■ What needs to be done: Every entry in the data is to be written out exactly; no picture belongs in the copy.

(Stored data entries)
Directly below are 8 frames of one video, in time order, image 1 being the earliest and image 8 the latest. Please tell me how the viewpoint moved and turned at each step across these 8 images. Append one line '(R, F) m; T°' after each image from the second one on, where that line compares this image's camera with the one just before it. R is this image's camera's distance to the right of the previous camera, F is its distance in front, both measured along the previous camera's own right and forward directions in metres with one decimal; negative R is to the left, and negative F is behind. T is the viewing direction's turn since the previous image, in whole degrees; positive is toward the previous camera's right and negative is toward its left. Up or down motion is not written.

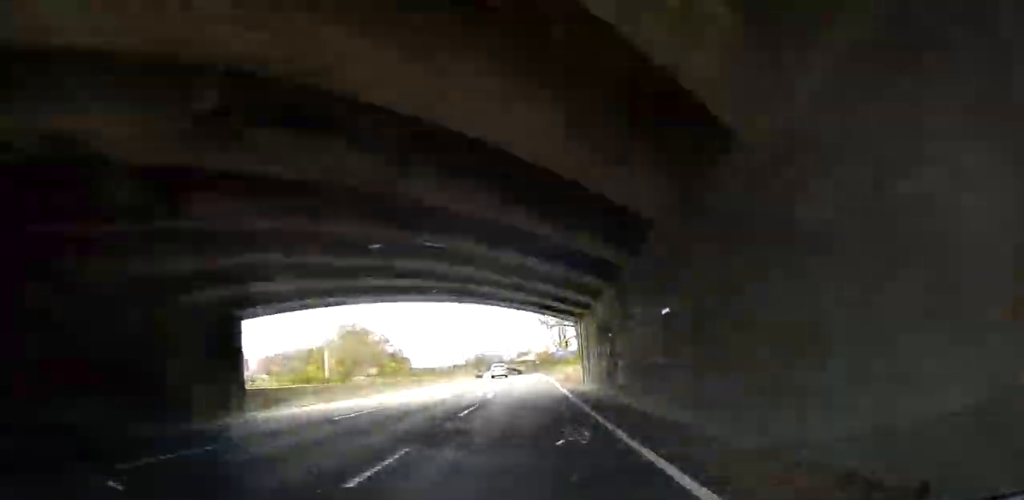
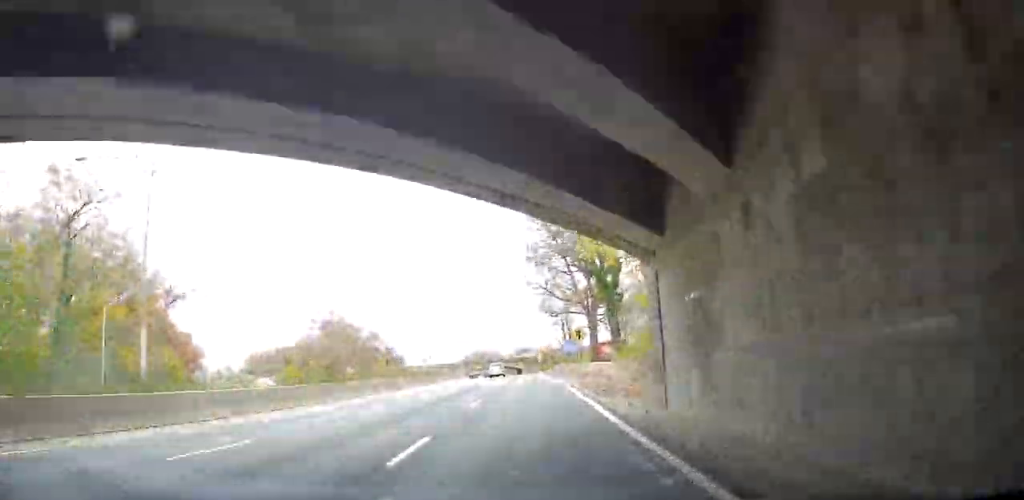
(-0.1, +18.9) m; 0°
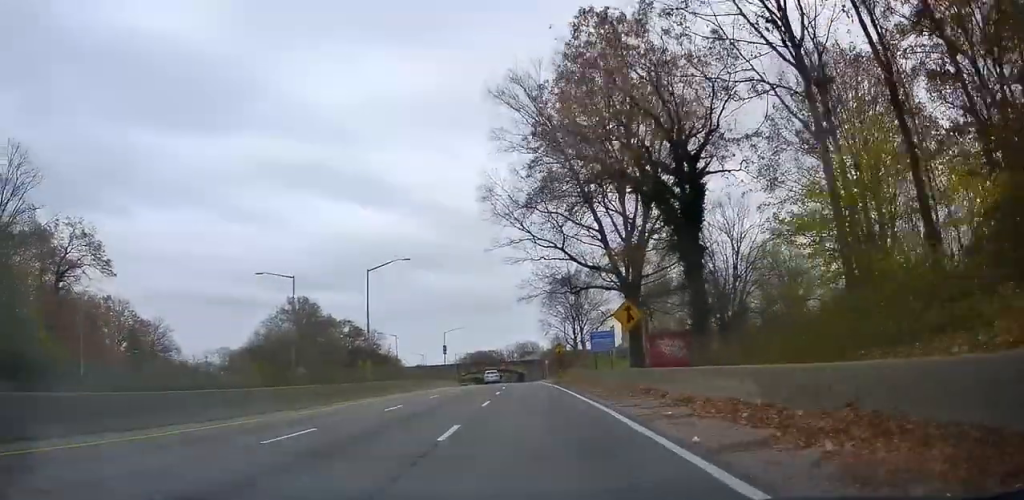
(+0.4, +27.3) m; +1°
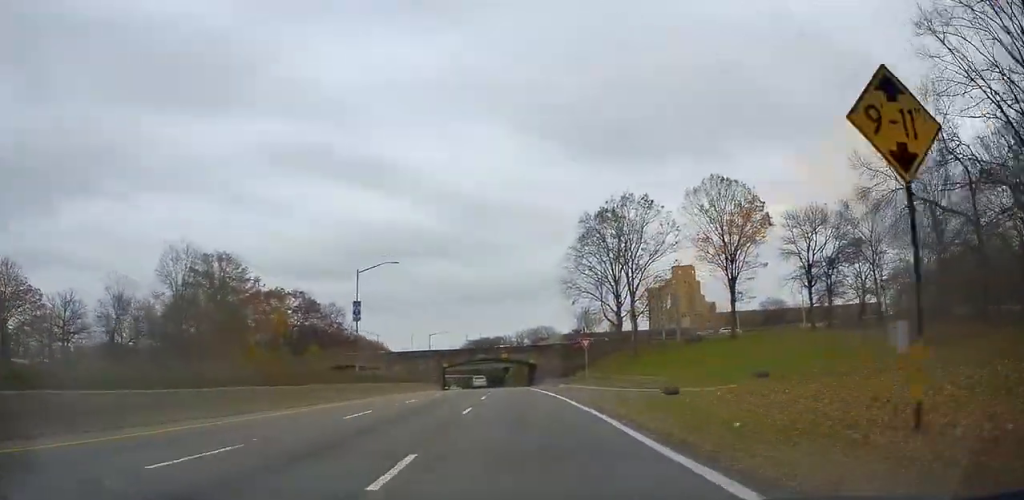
(-1.1, +53.7) m; -2°
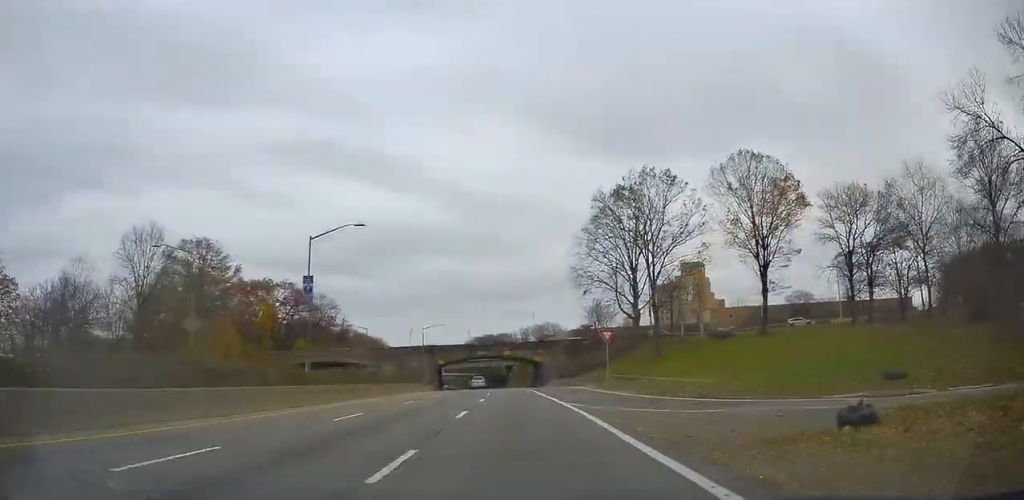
(+0.2, +10.4) m; -1°
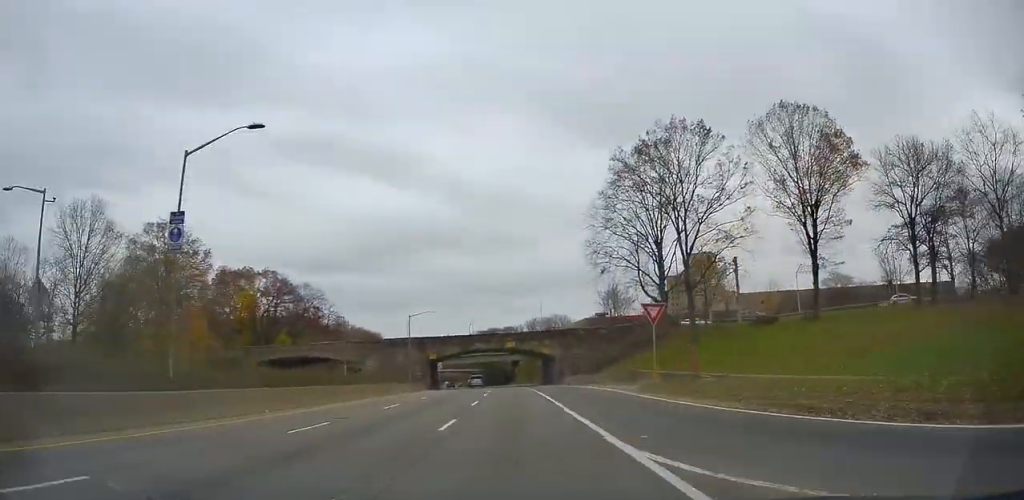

■ Response box:
Directly below are 8 frames of one video, in time order, image 1 being the earliest and image 8 the latest. Please tell me how the viewpoint moved and turned at each step across these 8 images. Append one line '(R, F) m; T°' after each image from the second one on, where that line compares this image's camera with the one just before it. R is this image's camera's distance to the right of the previous camera, F is its distance in front, both measured along the previous camera's own right and forward directions in metres with one decimal; negative R is to the left, and negative F is behind. T is the viewing direction's turn since the previous image, in whole degrees; positive is toward the previous camera's right and negative is toward its left. Up or down motion is not written.

(-0.1, +18.9) m; 0°
(+0.4, +27.3) m; +1°
(-1.1, +53.7) m; -2°
(+0.2, +10.4) m; -1°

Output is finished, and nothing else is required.